Top of Task inputs

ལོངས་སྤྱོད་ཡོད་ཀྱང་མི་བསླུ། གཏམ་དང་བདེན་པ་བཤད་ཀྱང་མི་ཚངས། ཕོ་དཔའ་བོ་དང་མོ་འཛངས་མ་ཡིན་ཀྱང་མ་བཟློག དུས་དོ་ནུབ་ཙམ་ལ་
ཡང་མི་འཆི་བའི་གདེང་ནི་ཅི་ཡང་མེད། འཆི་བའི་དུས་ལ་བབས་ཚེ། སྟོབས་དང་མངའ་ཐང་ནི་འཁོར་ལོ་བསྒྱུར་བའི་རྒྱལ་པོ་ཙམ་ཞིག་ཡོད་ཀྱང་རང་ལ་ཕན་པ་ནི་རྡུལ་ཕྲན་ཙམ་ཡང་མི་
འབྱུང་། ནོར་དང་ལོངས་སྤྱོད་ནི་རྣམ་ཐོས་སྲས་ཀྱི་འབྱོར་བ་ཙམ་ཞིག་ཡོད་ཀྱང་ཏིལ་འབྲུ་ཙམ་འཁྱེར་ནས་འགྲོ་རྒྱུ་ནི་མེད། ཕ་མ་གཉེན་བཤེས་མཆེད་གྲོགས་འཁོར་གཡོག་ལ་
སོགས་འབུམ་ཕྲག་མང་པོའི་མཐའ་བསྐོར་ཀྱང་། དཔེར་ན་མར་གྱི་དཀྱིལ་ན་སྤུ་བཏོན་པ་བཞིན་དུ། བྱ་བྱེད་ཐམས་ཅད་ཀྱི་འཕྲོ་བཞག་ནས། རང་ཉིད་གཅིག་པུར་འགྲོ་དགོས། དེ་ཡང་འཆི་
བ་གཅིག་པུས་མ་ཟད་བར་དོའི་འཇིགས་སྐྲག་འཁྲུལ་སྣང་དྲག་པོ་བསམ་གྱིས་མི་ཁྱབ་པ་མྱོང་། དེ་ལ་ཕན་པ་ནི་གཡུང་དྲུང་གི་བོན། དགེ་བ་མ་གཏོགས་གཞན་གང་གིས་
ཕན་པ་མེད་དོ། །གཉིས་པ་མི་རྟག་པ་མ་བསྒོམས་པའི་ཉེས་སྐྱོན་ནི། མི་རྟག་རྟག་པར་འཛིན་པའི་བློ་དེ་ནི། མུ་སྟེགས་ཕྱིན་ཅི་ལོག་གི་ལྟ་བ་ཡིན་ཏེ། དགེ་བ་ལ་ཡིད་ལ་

Bottom of Task inputs

> [Activity]:
Transcribe each record exactly as it is written above.

> [Exercise result]:
ལོངས་སྤྱོད་ཡོད་ཀྱང་མི་བསླུ། གཏམ་དང་བདེན་པ་བཤད་ཀྱང་མི་ཚངས། ཕོ་དཔའ་བོ་དང་མོ་འཛངས་མ་ཡིན་ཀྱང་མ་བཟློག དུས་དོ་ནུབ་ཙམ་ལ་
ཡང་མི་འཆི་བའི་གདེང་ནི་ཅི་ཡང་མེད། འཆི་བའི་དུས་ལ་བབས་ཚེ། སྟོབས་དང་མངའ་ཐང་ནི་འཁོར་ལོ་བསྒྱུར་བའི་རྒྱལ་པོ་ཙམ་ཞིག་ཡོད་ཀྱང་རང་ལ་ཕན་པ་ནི་རྡུལ་ཕྲན་ཙམ་ཡང་མི་
འབྱུང་། ནོར་དང་ལོངས་སྤྱོད་ནི་རྣམ་ཐོས་སྲས་ཀྱི་འབྱོར་བ་ཙམ་ཞིག་ཡོད་ཀྱང་ཏིལ་འབྲུ་ཙམ་འཁྱེར་ནས་འགྲོ་རྒྱུ་ནི་མེད། ཕ་མ་གཉེན་བཤེས་མཆེད་གྲོགས་འཁོར་གཡོག་ལ་
སོགས་འབུམ་ཕྲག་མང་པོའི་མཐའ་བསྐོར་ཀྱང་། དཔེར་ན་མར་གྱི་དཀྱིལ་ན་སྤུ་བཏོན་པ་བཞིན་དུ། བྱ་བྱེད་ཐམས་ཅད་ཀྱི་འཕྲོ་བཞག་ནས། རང་ཉིད་གཅིག་པུར་འགྲོ་དགོས། དེ་ཡང་འཆི་
བ་གཅིག་པུས་མ་ཟད་བར་དོའི་འཇིགས་སྐྲག་འཁྲུལ་སྣང་དྲག་པོ་བསམ་གྱིས་མི་ཁྱབ་པ་མྱོང་། དེ་ལ་ཕན་པ་ནི་གཡུང་དྲུང་གི་བོན། དགེ་བ་མ་གཏོགས་གཞན་གང་གིས་
ཕན་པ་མེད་དོ། །གཉིས་པ་མི་རྟག་པ་མ་བསྒོམས་པའི་ཉེས་སྐྱོན་ནི། མི་རྟག་རྟག་པར་འཛིན་པའི་བློ་དེ་ནི། མུ་སྟེགས་ཕྱིན་ཅི་ལོག་གི་ལྟ་བ་ཡིན་ཏེ། དགེ་བ་ལ་ཡིད་ལ་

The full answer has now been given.